Table 1. The results for five of the chosen rock bolts in a highway tunnel in Wuqi County.

Rock Bolt Number	Measured Length (m)	Actual Length (m)	Error (%)	Average Error (%)
1	2.01	2.00	0.5	0.8
2	3.05	3.10	1.6
3	3.16	3.15	0.3
4	2.82	2.80	0.7
5	2.92	2.95	1.0

lists the results of the five rock bolts, which shows that the proposed method is highly accurate in determining the length of installed rock bolts. Measurements from one of the rock bolts were shown. This rock bolt had a length of 2 m according to the pullout test. Figure 9, Figure 10, Figure 11 and Figure 12 show the steps and data analysis results.

Step 1: Data acquisition in the field.

Step 2: Correlation analysis and superimpose.

Step 3: Wavelet denoising and phase extraction.

As can be seen from Figure 12, the sudden changes in the instant phase are periodically appeared in 1.82 m, 3.86 m, and 5.84 m. They are marked in red circle in the figure. Therefore, the measured length of this rock bolt is 2.01 m, which is very close to its actual length of 2 m.

4.2. Site 2

On 4 June 2016, another series of field tests were performed at the Yangqu hydropower station located in Xinghai County, Qinghai Province, China. The purpose of the tests was to assess the anchorage quality of the rock bolts. The adopted excitation source was a unipolar pulse at a dominant frequency of 8.8 kHz. The sampling frequency was set at 1 MHz. At this testing site, 30 rock bolts were randomly chosen. Measurement for each rock bolt was repeated 10 times. Additionally, in situ pullout tests were performed for five of the chosen rock bolts to verify the measurement accuracy of the proposed rock bolt length measuring method.

Table 2. The results for five of the chosen rock bolts at Yangqu Hydropower Station.

Rock Bolt Number	Measured Length (m)	Actual Length (m)	Error (%)	Average Error (%)
1	2.02	2.00	1.0	1.0
2	1.81	1.80	0.6
3	2.77	2.80	1.0
4	3.76	3.80	0.7
5	3.15	3.10	1.6

lists the results of the five rock bolts. Again, it shows that the proposed method is highly accurate in determining the length of installed rock bolts. The measurement steps for one of the rock bolt, which had an actual length of 3.1 m according to the pullout test, was shown. Figure 13, Figure 14, Figure 15 and Figure 16 show the steps and data analysis results.

Step 1: Data acquisition in the field.

Step 2: Correlation analysis and superimpose.

Step 3: Wavelet denoising and phase extraction.

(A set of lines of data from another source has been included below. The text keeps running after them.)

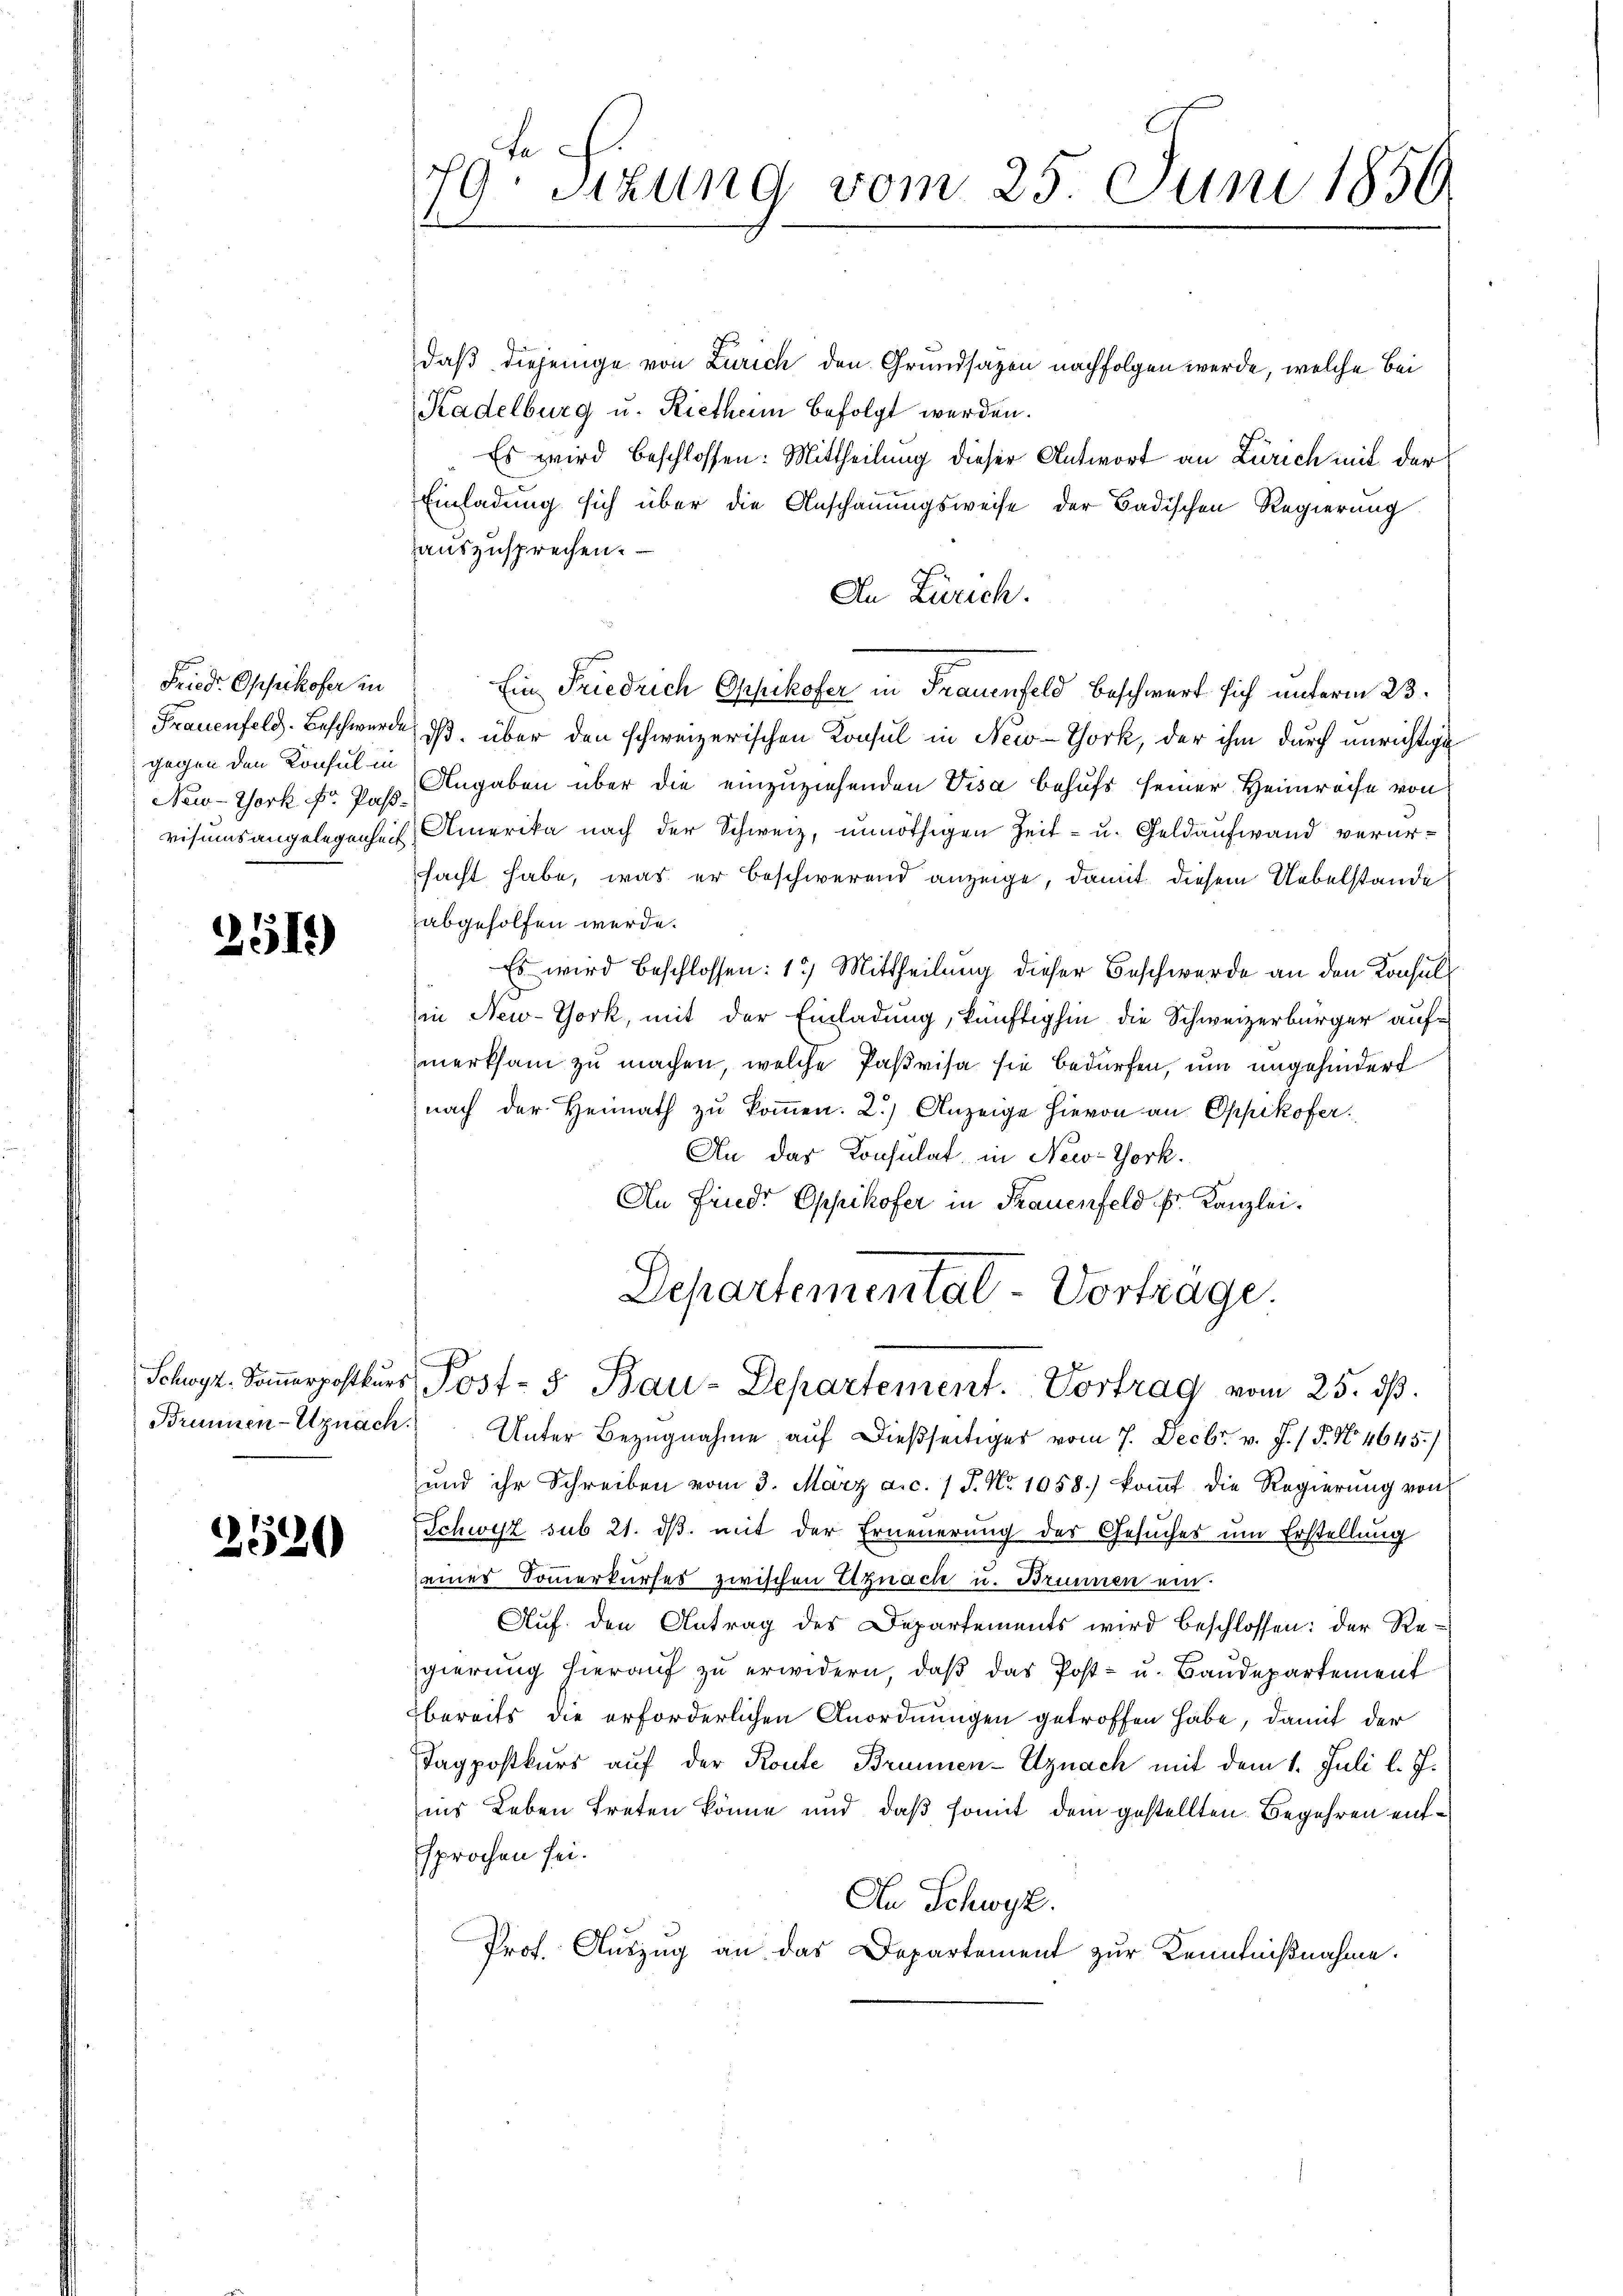
Friedr. Opfikofer in
gegen den Konsul in

2515)

Brunnen-Uznach.

2520

te
79. Sizung vom 25. Juni 1856
s

daß diejenige von Zürich den Grundsazen nachfolgen werde, welche bei
Kadelburg u. Rietheim befolgt werden.
Es wird beschlossen: Mittheilung dieser Antwort an Zürich mit der
Einladung sich über die Anschauungsweise der Badischen Regierung
auszusprechen.
An Zürich.
Ein Friedrich Oppikofer in Frauenfeld beschwert sich unterm 23.
Frauenfeld. Beschwerde, daß über den schweizerischen Konsul in New-York, der ihm durch unrichtige
New-York fr pp. Angaben über die einzuziehenden Visa behufs seiner Heimreise von
visums angelegenheit, Amerika nach der Schweiz, unnöthigen Zeit- u. Geldaufwand verurfacht habe, was er beschwerend anzeige, damit diesem Uebelstande
abgeholfen werde.
Es wird beschlossen: 15 Mittheilung dieser Beschwerde an den Konsulin New-York, mit der Einladung, künftighin die Schweizerbürger aufmerksam zu machen, welche Pasvisa sie bedürfen, um ungehindert
nach der Heimath zu kommen. 2.) Anzeige hievon an Oppikofer
An das Konsulat in New-York.
An Friedr Oppikofer in Frauenfeld fr. Kanzlei.
Departemental-Vorträge.

Schwyz. Soṁerpostkŭrs Post- 5 Bau-Departement. Vortrag vom 25. dβ.

Unter Bezugnahme auf dießseitiger vom 7. Decbr. v. J. / 5. No 4645.)
ŭnd ihr Schreiben vom 3. März a.c. 1 P. Nr. 1058.) koṁt die Regierŭng von
Schwyz sub 21. dβ. mit der Erneuerung des Gesuches um Erstellung
eines Sommerkurses zwischen Egnach u. Brunnen ein.
Auf den Antrag des Departements wird beschlossen: der Regierung hieraŭf zŭ erwidern, daβ das Post- u. Baŭdepartement
bereits die erforderlichen Anordnungen getroffen habe, damit der
Tagpostkurs auf der Konte Brunnen-Uznach mit dem 1. Juli l. J.
ins Leben treten könne und daß somit dem gestellten Begehren entsprochen sei.
An Schwyz.
Prof. Auszug an das Departement zur Kenntnißnahme.

As can be seen from Figure 16, the sudden changes in the instant phase are periodically appeared in 2.14 m, 5.23 m, and 8.35 m. They are marked in red circles in the figure. Therefore, the measured length of this rock bolt is 3.15 m, which is very close to its actual length of 3.1 m.

5. Conclusions

This paper investigated the application of stress wave reflection method in assessing the length of rock bolts. The giant magnetostrictive transducer was used to excite stress wave along rock bolt in order to provide enough energy for the stress wave to be reflected multiple times. A PZT sensor was used to detect the reflected waves. A specialized measurement system was built. A new integrated three-step signal processing procedure was developed to extract the length information of the rock bolt. First, correlation analysis was performed on the waveforms to identify the most correlated waveforms and eliminate human and environment errors. Second, the superimposed waveform was denoised by a wavelet algorithm. Third, Hilbert transform was adopted to extract the useful information about rock bolt length and defects based on the periodic pattern of the phase change over the multiple reflections. The signal processing procedure was simple and effective, and was implemented in real-time. Using the developed hardware with the embedded proposed algorithm, laboratory experiments and in situ field tests were performed, and results showed that the proposed approach was able to accurately determine the rock bolt length. The hardware and data processing algorithm proposed in this paper can also be adopted for property assessment of other types of embedded structures.